で、「ノーサイドだ」「党内融和だ」と、朧化的表現を様々に用いるものの、要は、それこそ徒党百数十名を擁する小沢一派(ピントのずれた鳩も含めるかどうかはともかく)の造反・離反をどう阻止するか、というのがことの要点であることは、3歳の童子といえどもよく知るところだ。ま、「このグループに抜けられたのでは、衆議院過半数もあったものではない」という意味では、気を使うのも無理からぬところなきにしもあらず。とはいえ、これも一寸狐と狸の様なところがあって、百数十名の大多数は、先の衆議院民主党の地滑り的勝利の一回生。この方々も「民主党」の看板あっての当選であって、さすがに「小鳩党」とでも名乗って立候補しても、当選おぼつかないのは、先刻ご承知の筈である。

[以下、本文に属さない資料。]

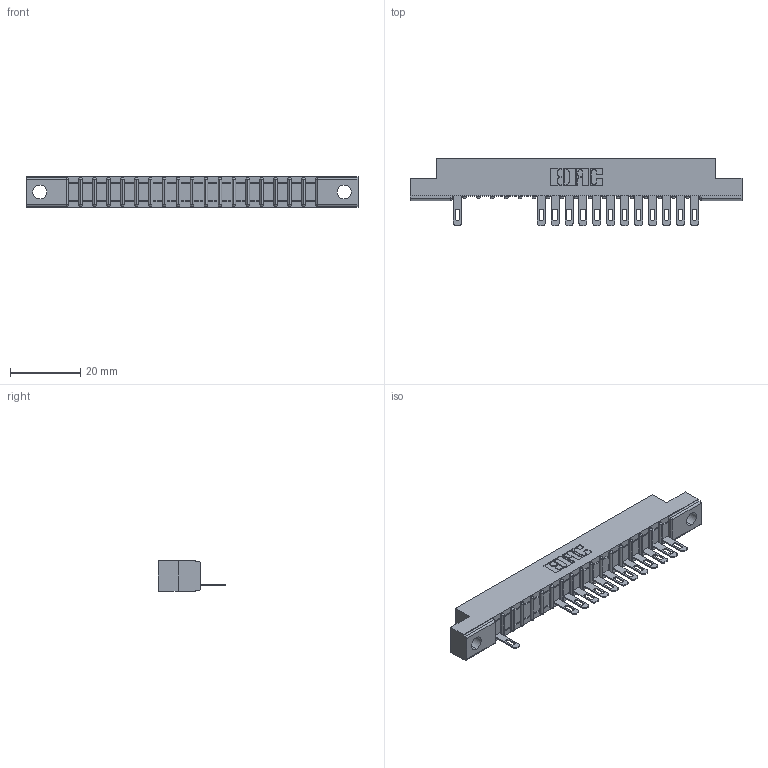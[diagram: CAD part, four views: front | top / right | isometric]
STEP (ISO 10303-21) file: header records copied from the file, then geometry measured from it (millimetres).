
FILE_DESCRIPTION (( 'STEP AP203' ), '1' );
FILE_NAME ('357-018-505-104.STEP', '2018-08-08T04:15:45', ( '' ), ( '' ), 'SwSTEP 2.0', 'SolidWorks 2016', '' );
FILE_SCHEMA (( 'CONFIG_CONTROL_DESIGN' ));
Length unit declared in the file: inch
Products named in the file (3): 307 Part_.156 Dia Mounting Holes; 307-290-001_505; 357-018-505-104
Assembly tree (14 placements, depth 2):
  357-018-505-104
    307 Part_.156 Dia Mounting Holes
    307-290-001_505  x13
Bounding box: 94.34 x 19.18 x 8.71 mm (x, y, z)
Volume: 5805.1 mm3; surface area: 8385 mm2
Topology: 14 solids, 14 shells, 979 faces, 2785 edges, 1786 vertices
Faces by surface type: plane 612, cylinder 329, sphere 38
Entity records: 18622 total; most frequent: CARTESIAN_POINT 3153, ORIENTED_EDGE 3142, DIRECTION 3069, EDGE_CURVE 1571, LINE 1201, VECTOR 1201, VERTEX_POINT 1018, AXIS2_PLACEMENT_3D 934

それでもついこの間までならば、小沢氏が郎党を率いてあちこちのグループと離合集散というのもありだったが、さすがに無罪判決でも出るまでは、それも封じ手だろう。のみならず、情報公開とほど遠い闇将軍的手法への嫌悪感が一頃とは比べ物にならないくらい強くなっているのは、流石にご当人もご存知なのだろうとは思う。で、モーニング娘と天童よしみ氏は蜜月ならぬ呉越同舟みたいなことにならざるを得ない。ところが、それゆけどんどんの勝ち戦の時ならば、亀裂も目立たないのだろうが、守勢に入っては、いかな泥鰌宰相といえども、上辺だけを取り繕った党内融和ではことは済むまい。とはいいながら、代替勢力が台頭しない限り、権力が安泰なのもまた事実。この2年間に一体何が起こるか。野党たるもの、バカの一つ覚えで「解散総選挙に追い込む」と能書きを繰り返していればよい、というものでもなさそうなのだが。
現実に立ち返って言えば、いくら何でも今度の総選挙までには、定数是正を行わざるを得ないだろう。その協議の過程を通じて、ねじれ状態での対話に新しいプロセスが産まれてくるのではないかと期待して良いのではないか。鬼が出るか、蛇が出るか、保証の限りではないけれど。